** Source data **
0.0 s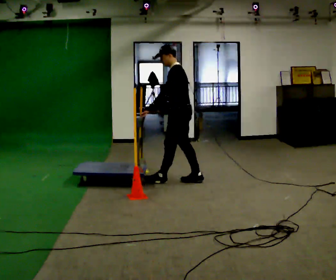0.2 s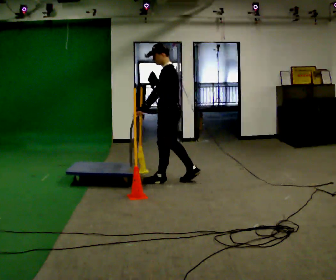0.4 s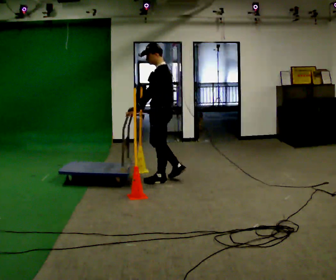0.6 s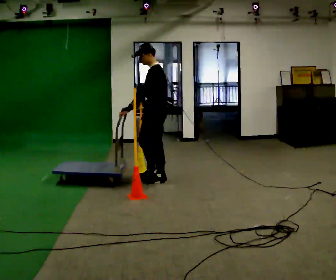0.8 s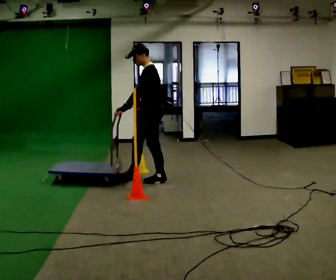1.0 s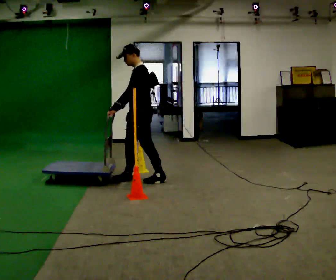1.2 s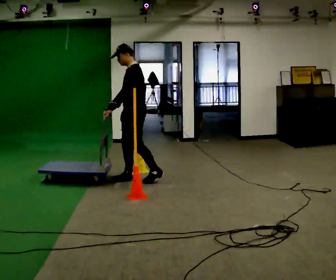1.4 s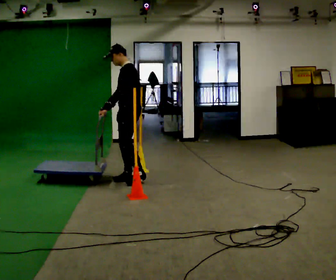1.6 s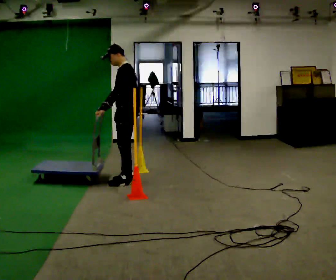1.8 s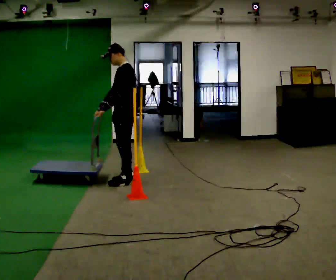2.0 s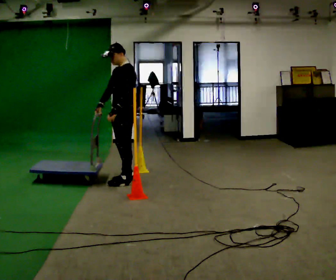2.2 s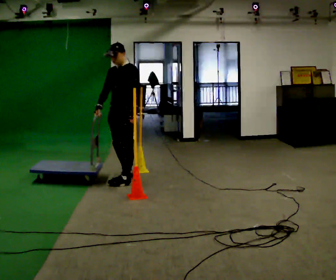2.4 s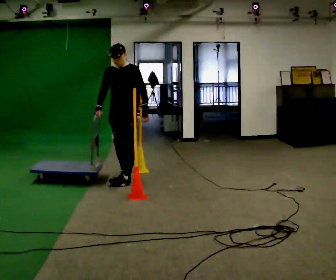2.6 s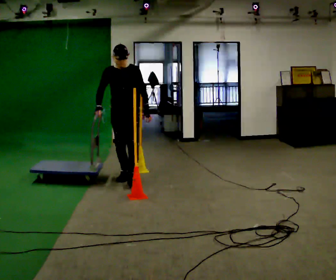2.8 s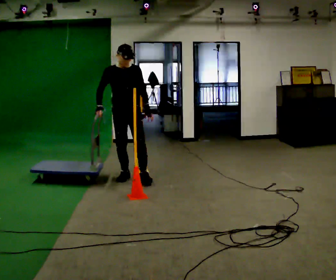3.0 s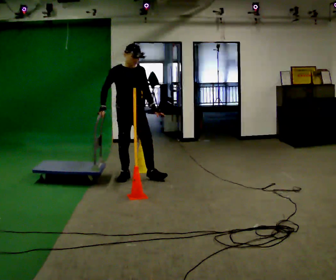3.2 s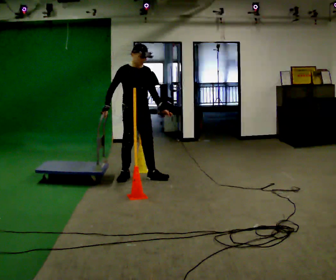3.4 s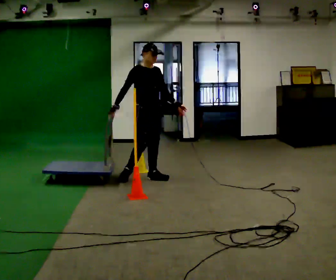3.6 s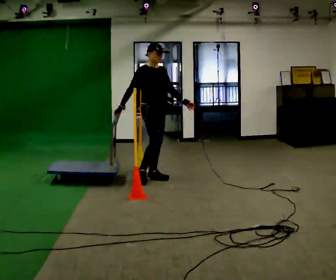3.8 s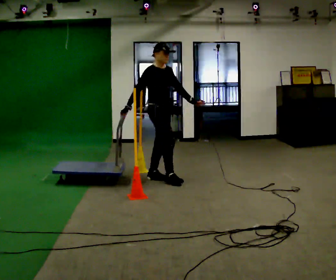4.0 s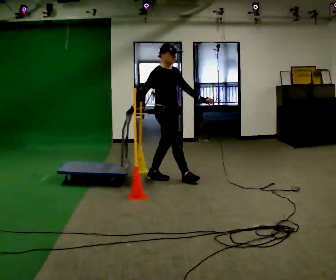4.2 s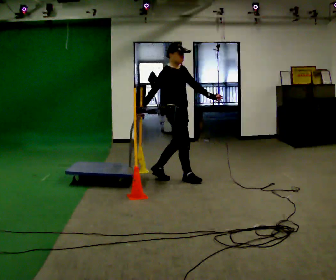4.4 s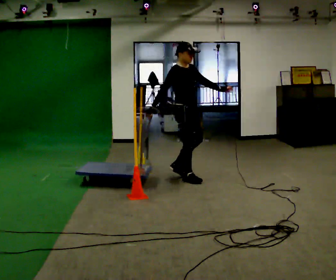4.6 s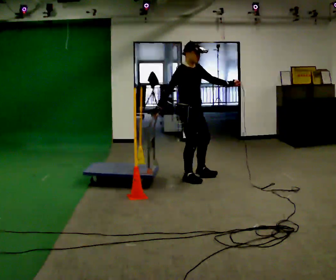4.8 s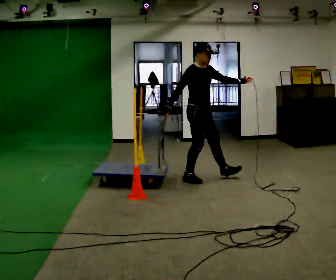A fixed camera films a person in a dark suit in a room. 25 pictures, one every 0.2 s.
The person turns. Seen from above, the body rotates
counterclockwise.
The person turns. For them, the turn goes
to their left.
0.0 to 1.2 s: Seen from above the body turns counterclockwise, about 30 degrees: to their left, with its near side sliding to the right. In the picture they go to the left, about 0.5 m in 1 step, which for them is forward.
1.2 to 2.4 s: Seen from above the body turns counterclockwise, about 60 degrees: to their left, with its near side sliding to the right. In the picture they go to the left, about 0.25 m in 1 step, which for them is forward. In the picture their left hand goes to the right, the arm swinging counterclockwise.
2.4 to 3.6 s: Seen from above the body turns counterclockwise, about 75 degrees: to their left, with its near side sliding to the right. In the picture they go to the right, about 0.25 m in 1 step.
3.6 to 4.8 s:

** To do **
Above are the records; copy exactly the lines from the one with "The person turns. Seen" through the final line.

** Output **
The person turns. Seen from above, the body rotates
counterclockwise.
The person turns. For them, the turn goes
to their left.
0.0 to 1.2 s: Seen from above the body turns counterclockwise, about 30 degrees: to their left, with its near side sliding to the right. In the picture they go to the left, about 0.5 m in 1 step, which for them is forward.
1.2 to 2.4 s: Seen from above the body turns counterclockwise, about 60 degrees: to their left, with its near side sliding to the right. In the picture they go to the left, about 0.25 m in 1 step, which for them is forward. In the picture their left hand goes to the right, the arm swinging counterclockwise.
2.4 to 3.6 s: Seen from above the body turns counterclockwise, about 75 degrees: to their left, with its near side sliding to the right. In the picture they go to the right, about 0.25 m in 1 step.
3.6 to 4.8 s:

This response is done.